Assignment:
Print every record exactly, with nothing added or left out.

Material provided:
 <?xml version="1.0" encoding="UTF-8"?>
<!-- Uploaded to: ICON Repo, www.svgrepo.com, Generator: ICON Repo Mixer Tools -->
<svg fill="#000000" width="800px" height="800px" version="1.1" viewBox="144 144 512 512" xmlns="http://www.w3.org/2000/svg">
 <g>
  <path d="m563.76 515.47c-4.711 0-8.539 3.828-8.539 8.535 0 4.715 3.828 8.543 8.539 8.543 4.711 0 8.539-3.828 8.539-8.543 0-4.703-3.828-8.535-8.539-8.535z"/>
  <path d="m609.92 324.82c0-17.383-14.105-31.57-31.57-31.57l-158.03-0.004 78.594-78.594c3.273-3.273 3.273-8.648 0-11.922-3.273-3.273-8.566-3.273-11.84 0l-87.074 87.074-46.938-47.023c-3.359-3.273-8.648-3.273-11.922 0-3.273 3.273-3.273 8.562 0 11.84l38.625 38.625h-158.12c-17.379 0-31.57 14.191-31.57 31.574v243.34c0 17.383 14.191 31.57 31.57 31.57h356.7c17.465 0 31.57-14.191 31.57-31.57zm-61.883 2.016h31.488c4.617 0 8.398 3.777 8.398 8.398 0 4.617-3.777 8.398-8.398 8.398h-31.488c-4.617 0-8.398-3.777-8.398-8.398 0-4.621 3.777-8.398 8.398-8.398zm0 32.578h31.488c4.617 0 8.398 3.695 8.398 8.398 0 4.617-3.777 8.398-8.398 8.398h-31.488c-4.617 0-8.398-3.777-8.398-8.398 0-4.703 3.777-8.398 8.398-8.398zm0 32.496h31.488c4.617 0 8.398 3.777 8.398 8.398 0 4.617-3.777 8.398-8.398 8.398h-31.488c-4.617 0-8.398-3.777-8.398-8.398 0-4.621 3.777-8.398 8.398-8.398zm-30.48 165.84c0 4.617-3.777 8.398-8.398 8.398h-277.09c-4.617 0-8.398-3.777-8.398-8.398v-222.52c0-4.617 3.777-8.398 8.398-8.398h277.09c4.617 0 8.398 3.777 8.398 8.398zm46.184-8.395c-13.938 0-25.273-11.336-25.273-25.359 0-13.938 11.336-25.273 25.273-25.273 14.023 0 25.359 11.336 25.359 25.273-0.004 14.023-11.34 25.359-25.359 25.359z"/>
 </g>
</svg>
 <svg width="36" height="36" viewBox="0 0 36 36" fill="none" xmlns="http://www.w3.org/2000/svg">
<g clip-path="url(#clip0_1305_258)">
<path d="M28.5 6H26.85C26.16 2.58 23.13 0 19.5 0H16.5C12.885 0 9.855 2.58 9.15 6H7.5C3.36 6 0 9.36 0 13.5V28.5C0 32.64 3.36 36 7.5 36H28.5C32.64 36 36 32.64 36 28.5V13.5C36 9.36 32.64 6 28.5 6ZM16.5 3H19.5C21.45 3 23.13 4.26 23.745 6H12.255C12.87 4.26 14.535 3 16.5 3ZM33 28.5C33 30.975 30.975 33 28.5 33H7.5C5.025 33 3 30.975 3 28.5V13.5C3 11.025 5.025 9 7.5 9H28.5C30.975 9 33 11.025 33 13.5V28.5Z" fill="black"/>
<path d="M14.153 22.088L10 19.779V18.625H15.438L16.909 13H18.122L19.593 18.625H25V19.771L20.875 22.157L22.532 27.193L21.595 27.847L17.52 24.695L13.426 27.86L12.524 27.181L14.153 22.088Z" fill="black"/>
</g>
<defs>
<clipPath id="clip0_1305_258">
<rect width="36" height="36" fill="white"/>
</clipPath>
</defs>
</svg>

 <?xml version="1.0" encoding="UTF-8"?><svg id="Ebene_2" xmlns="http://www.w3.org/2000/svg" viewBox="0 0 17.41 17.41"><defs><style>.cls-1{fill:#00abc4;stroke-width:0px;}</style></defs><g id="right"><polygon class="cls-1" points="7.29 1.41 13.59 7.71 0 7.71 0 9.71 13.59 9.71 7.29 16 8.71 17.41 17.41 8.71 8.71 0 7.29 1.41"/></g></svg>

Solution to this exercise:
 <?xml version="1.0" encoding="UTF-8"?>
<!-- Uploaded to: ICON Repo, www.svgrepo.com, Generator: ICON Repo Mixer Tools -->
<svg fill="#000000" width="800px" height="800px" version="1.1" viewBox="144 144 512 512" xmlns="http://www.w3.org/2000/svg">
 <g>
  <path d="m563.76 515.47c-4.711 0-8.539 3.828-8.539 8.535 0 4.715 3.828 8.543 8.539 8.543 4.711 0 8.539-3.828 8.539-8.543 0-4.703-3.828-8.535-8.539-8.535z"/>
  <path d="m609.92 324.82c0-17.383-14.105-31.57-31.57-31.57l-158.03-0.004 78.594-78.594c3.273-3.273 3.273-8.648 0-11.922-3.273-3.273-8.566-3.273-11.84 0l-87.074 87.074-46.938-47.023c-3.359-3.273-8.648-3.273-11.922 0-3.273 3.273-3.273 8.562 0 11.84l38.625 38.625h-158.12c-17.379 0-31.57 14.191-31.57 31.574v243.34c0 17.383 14.191 31.57 31.57 31.57h356.7c17.465 0 31.57-14.191 31.57-31.57zm-61.883 2.016h31.488c4.617 0 8.398 3.777 8.398 8.398 0 4.617-3.777 8.398-8.398 8.398h-31.488c-4.617 0-8.398-3.777-8.398-8.398 0-4.621 3.777-8.398 8.398-8.398zm0 32.578h31.488c4.617 0 8.398 3.695 8.398 8.398 0 4.617-3.777 8.398-8.398 8.398h-31.488c-4.617 0-8.398-3.777-8.398-8.398 0-4.703 3.777-8.398 8.398-8.398zm0 32.496h31.488c4.617 0 8.398 3.777 8.398 8.398 0 4.617-3.777 8.398-8.398 8.398h-31.488c-4.617 0-8.398-3.777-8.398-8.398 0-4.621 3.777-8.398 8.398-8.398zm-30.48 165.84c0 4.617-3.777 8.398-8.398 8.398h-277.09c-4.617 0-8.398-3.777-8.398-8.398v-222.52c0-4.617 3.777-8.398 8.398-8.398h277.09c4.617 0 8.398 3.777 8.398 8.398zm46.184-8.395c-13.938 0-25.273-11.336-25.273-25.359 0-13.938 11.336-25.273 25.273-25.273 14.023 0 25.359 11.336 25.359 25.273-0.004 14.023-11.34 25.359-25.359 25.359z"/>
 </g>
</svg>
 <svg width="36" height="36" viewBox="0 0 36 36" fill="none" xmlns="http://www.w3.org/2000/svg">
<g clip-path="url(#clip0_1305_258)">
<path d="M28.5 6H26.85C26.16 2.58 23.13 0 19.5 0H16.5C12.885 0 9.855 2.58 9.15 6H7.5C3.36 6 0 9.36 0 13.5V28.5C0 32.64 3.36 36 7.5 36H28.5C32.64 36 36 32.64 36 28.5V13.5C36 9.36 32.64 6 28.5 6ZM16.5 3H19.5C21.45 3 23.13 4.26 23.745 6H12.255C12.87 4.26 14.535 3 16.5 3ZM33 28.5C33 30.975 30.975 33 28.5 33H7.5C5.025 33 3 30.975 3 28.5V13.5C3 11.025 5.025 9 7.5 9H28.5C30.975 9 33 11.025 33 13.5V28.5Z" fill="black"/>
<path d="M14.153 22.088L10 19.779V18.625H15.438L16.909 13H18.122L19.593 18.625H25V19.771L20.875 22.157L22.532 27.193L21.595 27.847L17.52 24.695L13.426 27.86L12.524 27.181L14.153 22.088Z" fill="black"/>
</g>
<defs>
<clipPath id="clip0_1305_258">
<rect width="36" height="36" fill="white"/>
</clipPath>
</defs>
</svg>

 <?xml version="1.0" encoding="UTF-8"?><svg id="Ebene_2" xmlns="http://www.w3.org/2000/svg" viewBox="0 0 17.41 17.41"><defs><style>.cls-1{fill:#00abc4;stroke-width:0px;}</style></defs><g id="right"><polygon class="cls-1" points="7.29 1.41 13.59 7.71 0 7.71 0 9.71 13.59 9.71 7.29 16 8.71 17.41 17.41 8.71 8.71 0 7.29 1.41"/></g></svg>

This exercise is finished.